### Directions for this task
Without the pictures, can you quote each line below exactly?

******

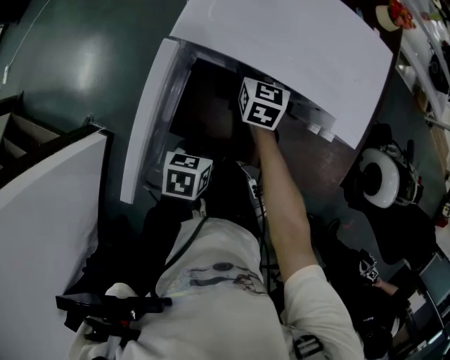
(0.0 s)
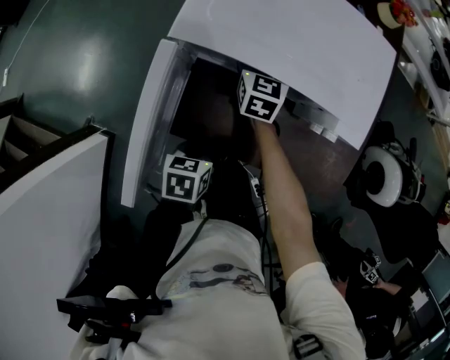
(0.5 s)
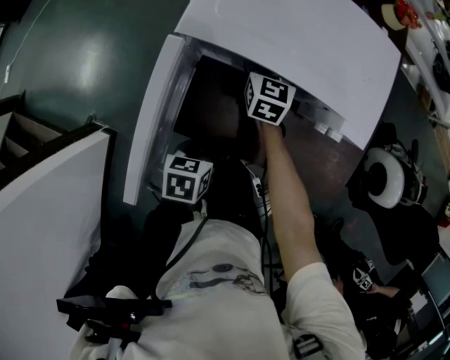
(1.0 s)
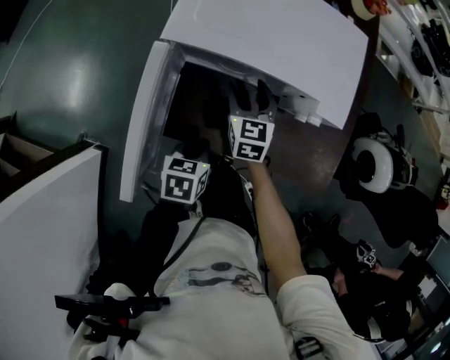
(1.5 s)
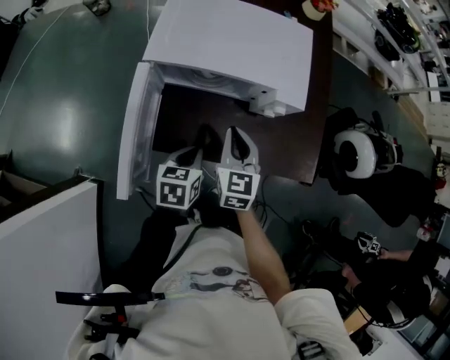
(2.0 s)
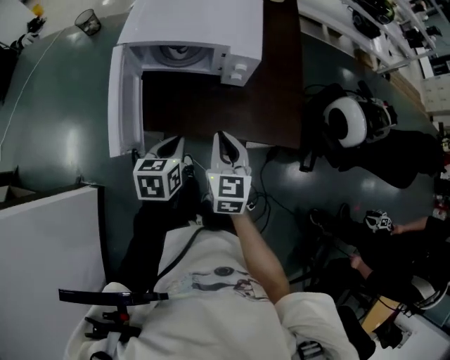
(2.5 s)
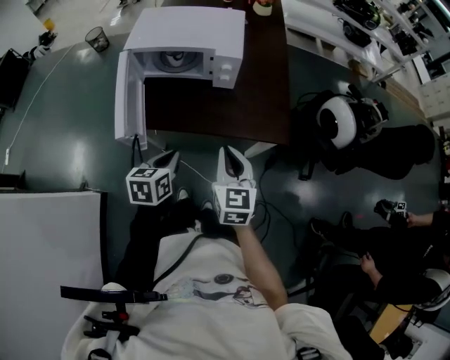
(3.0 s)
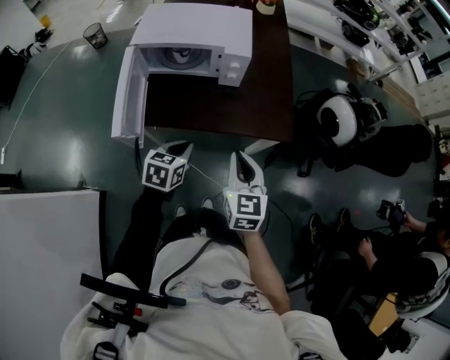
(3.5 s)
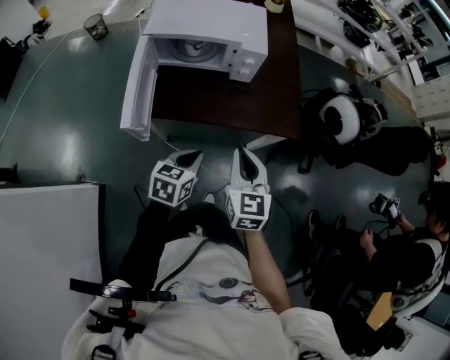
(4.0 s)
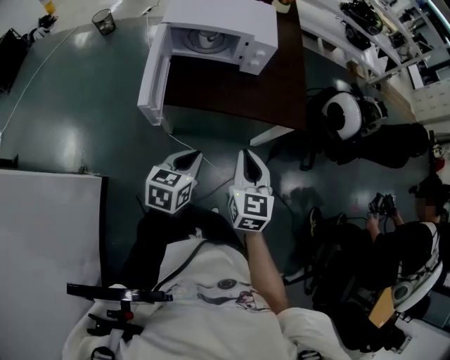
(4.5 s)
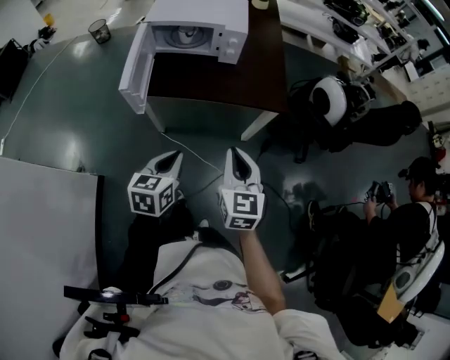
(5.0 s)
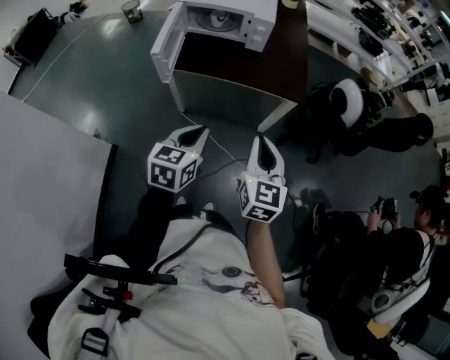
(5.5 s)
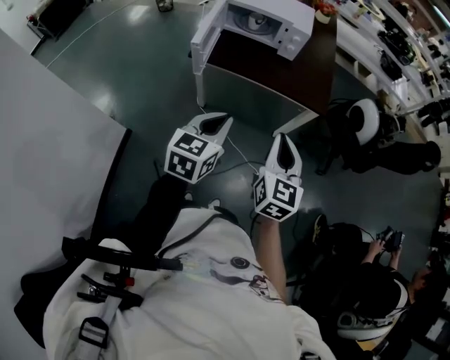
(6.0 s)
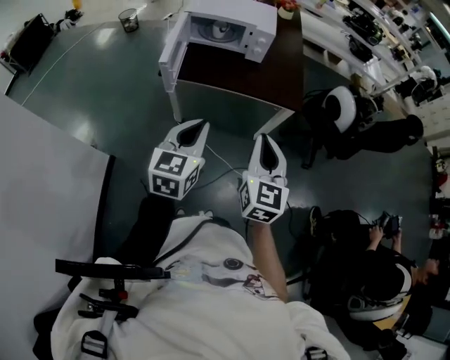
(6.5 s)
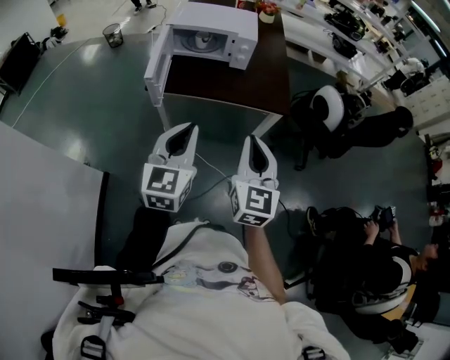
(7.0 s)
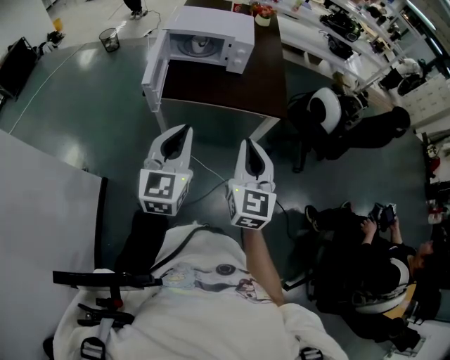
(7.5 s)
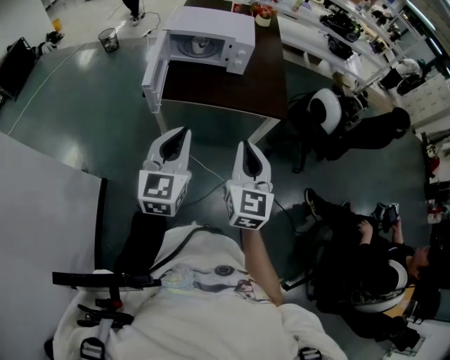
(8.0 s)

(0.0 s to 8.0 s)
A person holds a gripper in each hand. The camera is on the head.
0.0 s - 2.0 s: The left gripper heads upward, covering some 5 cm. Meanwhile the right gripper heads backward, to the right and upward, covering some 25 cm, and closes up.
2.0 s - 4.0 s: Both grippers move backward and to the right, about 20 cm.
4.0 s - 6.0 s: The left gripper is displaced backward and upward by some 25 cm, and rotates some 20 degrees, while the right gripper goes approximately 20 cm backward.
6.0 s - 8.0 s: The right gripper changes place by some 5 cm, while the left gripper shifts roughly 5 cm upward.

******

### Written response
(0.0 s)
(0.5 s)
(1.0 s)
(1.5 s)
(2.0 s)
(2.5 s)
(3.0 s)
(3.5 s)
(4.0 s)
(4.5 s)
(5.0 s)
(5.5 s)
(6.0 s)
(6.5 s)
(7.0 s)
(7.5 s)
(8.0 s)

(0.0 s to 8.0 s)
A person holds a gripper in each hand. The camera is on the head.
0.0 s - 2.0 s: The left gripper heads upward, covering some 5 cm. Meanwhile the right gripper heads backward, to the right and upward, covering some 25 cm, and closes up.
2.0 s - 4.0 s: Both grippers move backward and to the right, about 20 cm.
4.0 s - 6.0 s: The left gripper is displaced backward and upward by some 25 cm, and rotates some 20 degrees, while the right gripper goes approximately 20 cm backward.
6.0 s - 8.0 s: The right gripper changes place by some 5 cm, while the left gripper shifts roughly 5 cm upward.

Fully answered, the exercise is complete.